2. Privilege/Support at the expense of ___________
The idea that life's pleasures cost something. This is a concept of postcolonial theory. Basically, your wealth or privileges exist at someone's, or some place's, or some group's expense. It's a system of power dispersal, and there are haves and have nots. The best examples are the glittering palaces of Europe. These would not exist without imperialism, slavery, and the looting of outside civilizations. So the idea I'm working with exposes this construct. Privilege, in racial terms, is the legacy of a racist social system of rank. Privilege, in terms of sex, is the legacy of a sexist system of rank. As a white man, I have to understand that my rank only exists in terms of inequity.
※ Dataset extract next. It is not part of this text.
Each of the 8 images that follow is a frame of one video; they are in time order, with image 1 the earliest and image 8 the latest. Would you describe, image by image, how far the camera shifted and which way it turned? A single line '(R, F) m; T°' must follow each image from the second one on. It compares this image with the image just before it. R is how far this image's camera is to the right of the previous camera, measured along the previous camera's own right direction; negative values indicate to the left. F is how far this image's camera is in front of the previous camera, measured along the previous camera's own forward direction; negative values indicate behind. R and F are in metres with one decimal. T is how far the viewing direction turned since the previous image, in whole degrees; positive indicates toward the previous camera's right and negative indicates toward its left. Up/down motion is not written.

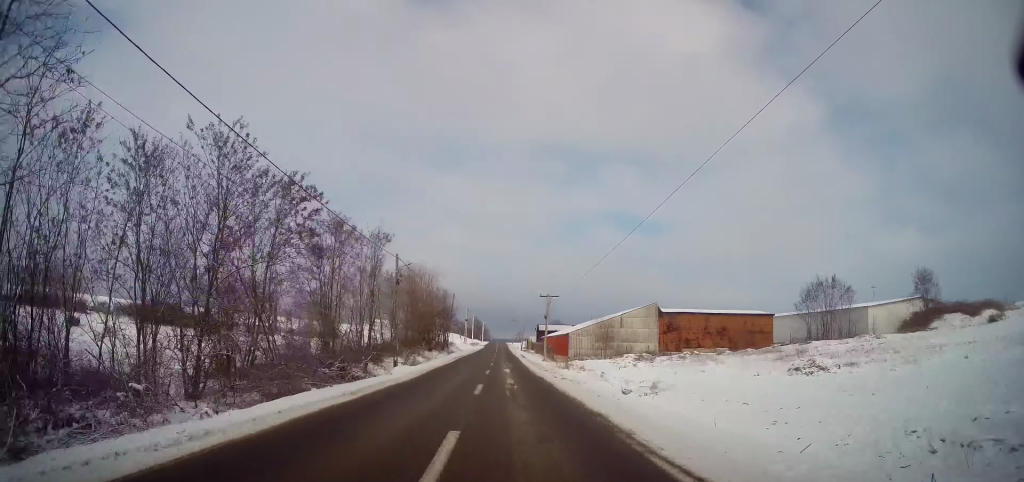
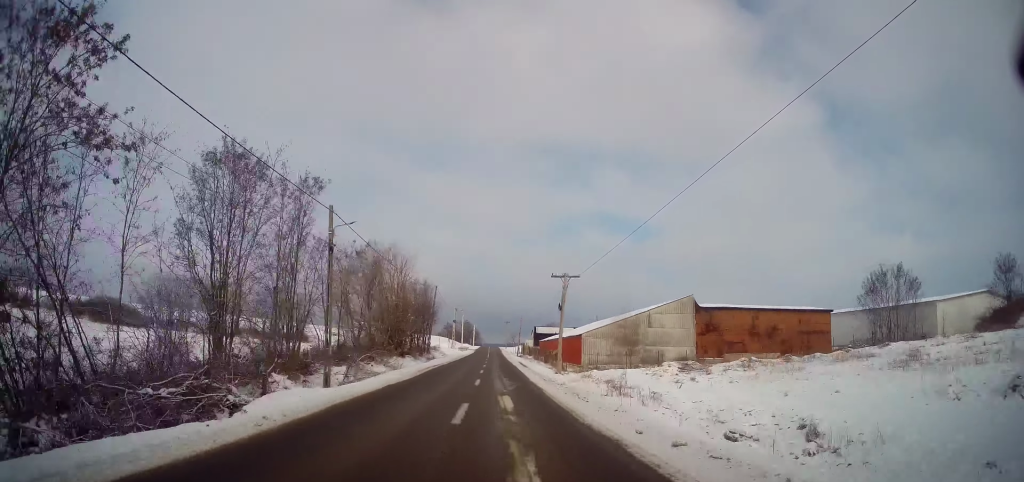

3. The Custodians of this order.
In so many words I was born into a specific rank, like a caste. Within that caste, there is the social construction and expectation of my fulfilling it. Most white men don't even realize it. Therefore, they are the custodians of this order. Basically, the maintenance men, or the enablers (if they know what they're doing). In my instance, the question now is, why would I want to enable this? Why would I ever want power over anything other than myself? Why would I want to be separated in any way from a large family of equals? It's too much for one group to handle anyway. I'm interested in looking compassionately at the pawns of a great apparatus which, through a privatized reward system, begets ignorance endlessly, therefore not only disadvantaging society, but sapping the custodians of this system of any empathy or spiritual progress.

4. Earning Vs Giving: Ties into the themes discussed in 1, but specifically tackles the anxiety of never knowing how much you've earned, and how much has been given to you, and how this unsettles the complacency of entitlement.

5. Invisibility. White men are rarely defined as such since socially they are the perennial human. Meanwhile, everyone who is not white and male is defined linguistically by their skin, or by being a woman, or trans. When a white man is racialized and gendered, he is linguistically linked to everyone and on equal terms to the rest of the human race, vs, being ranked and separated. What does it mean to no longer have superiority, since that is only a social construct?